## AIM OF THE EXERCISE
An exact printout of all the entries is required.

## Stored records
::::

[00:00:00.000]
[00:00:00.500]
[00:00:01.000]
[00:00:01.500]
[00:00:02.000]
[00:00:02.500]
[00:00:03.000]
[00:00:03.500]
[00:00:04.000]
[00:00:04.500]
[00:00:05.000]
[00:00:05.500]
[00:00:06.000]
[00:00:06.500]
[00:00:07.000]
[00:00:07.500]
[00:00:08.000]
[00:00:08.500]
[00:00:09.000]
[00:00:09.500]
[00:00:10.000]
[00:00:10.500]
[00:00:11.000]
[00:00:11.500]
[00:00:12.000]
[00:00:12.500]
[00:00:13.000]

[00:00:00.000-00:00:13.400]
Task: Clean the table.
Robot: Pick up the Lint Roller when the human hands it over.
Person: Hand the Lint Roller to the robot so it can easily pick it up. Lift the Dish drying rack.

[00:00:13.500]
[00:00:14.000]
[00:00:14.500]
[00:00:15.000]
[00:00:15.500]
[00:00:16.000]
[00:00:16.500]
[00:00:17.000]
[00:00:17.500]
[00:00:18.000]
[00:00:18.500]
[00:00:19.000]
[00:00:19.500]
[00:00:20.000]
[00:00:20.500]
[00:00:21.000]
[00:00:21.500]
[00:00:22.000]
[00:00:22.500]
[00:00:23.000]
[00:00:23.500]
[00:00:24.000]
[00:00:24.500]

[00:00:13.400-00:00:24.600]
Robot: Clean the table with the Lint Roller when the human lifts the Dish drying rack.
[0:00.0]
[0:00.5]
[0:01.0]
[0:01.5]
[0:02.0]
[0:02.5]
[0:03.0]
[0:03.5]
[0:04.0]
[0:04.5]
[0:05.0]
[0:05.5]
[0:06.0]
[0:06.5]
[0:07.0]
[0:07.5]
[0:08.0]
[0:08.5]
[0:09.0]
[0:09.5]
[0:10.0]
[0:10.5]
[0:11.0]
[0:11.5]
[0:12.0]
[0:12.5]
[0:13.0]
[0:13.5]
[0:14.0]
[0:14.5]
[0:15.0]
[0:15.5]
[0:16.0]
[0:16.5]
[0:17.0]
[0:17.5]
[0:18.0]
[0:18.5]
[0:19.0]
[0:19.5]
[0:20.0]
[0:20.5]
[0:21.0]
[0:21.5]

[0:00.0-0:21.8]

::::

## ANSWER BOX
[00:00:00.000]
[00:00:00.500]
[00:00:01.000]
[00:00:01.500]
[00:00:02.000]
[00:00:02.500]
[00:00:03.000]
[00:00:03.500]
[00:00:04.000]
[00:00:04.500]
[00:00:05.000]
[00:00:05.500]
[00:00:06.000]
[00:00:06.500]
[00:00:07.000]
[00:00:07.500]
[00:00:08.000]
[00:00:08.500]
[00:00:09.000]
[00:00:09.500]
[00:00:10.000]
[00:00:10.500]
[00:00:11.000]
[00:00:11.500]
[00:00:12.000]
[00:00:12.500]
[00:00:13.000]

[00:00:00.000-00:00:13.400]
Task: Clean the table.
Robot: Pick up the Lint Roller when the human hands it over.
Person: Hand the Lint Roller to the robot so it can easily pick it up. Lift the Dish drying rack.

[00:00:13.500]
[00:00:14.000]
[00:00:14.500]
[00:00:15.000]
[00:00:15.500]
[00:00:16.000]
[00:00:16.500]
[00:00:17.000]
[00:00:17.500]
[00:00:18.000]
[00:00:18.500]
[00:00:19.000]
[00:00:19.500]
[00:00:20.000]
[00:00:20.500]
[00:00:21.000]
[00:00:21.500]
[00:00:22.000]
[00:00:22.500]
[00:00:23.000]
[00:00:23.500]
[00:00:24.000]
[00:00:24.500]

[00:00:13.400-00:00:24.600]
Robot: Clean the table with the Lint Roller when the human lifts the Dish drying rack.
[0:00.0]
[0:00.5]
[0:01.0]
[0:01.5]
[0:02.0]
[0:02.5]
[0:03.0]
[0:03.5]
[0:04.0]
[0:04.5]
[0:05.0]
[0:05.5]
[0:06.0]
[0:06.5]
[0:07.0]
[0:07.5]
[0:08.0]
[0:08.5]
[0:09.0]
[0:09.5]
[0:10.0]
[0:10.5]
[0:11.0]
[0:11.5]
[0:12.0]
[0:12.5]
[0:13.0]
[0:13.5]
[0:14.0]
[0:14.5]
[0:15.0]
[0:15.5]
[0:16.0]
[0:16.5]
[0:17.0]
[0:17.5]
[0:18.0]
[0:18.5]
[0:19.0]
[0:19.5]
[0:20.0]
[0:20.5]
[0:21.0]
[0:21.5]

[0:00.0-0:21.8]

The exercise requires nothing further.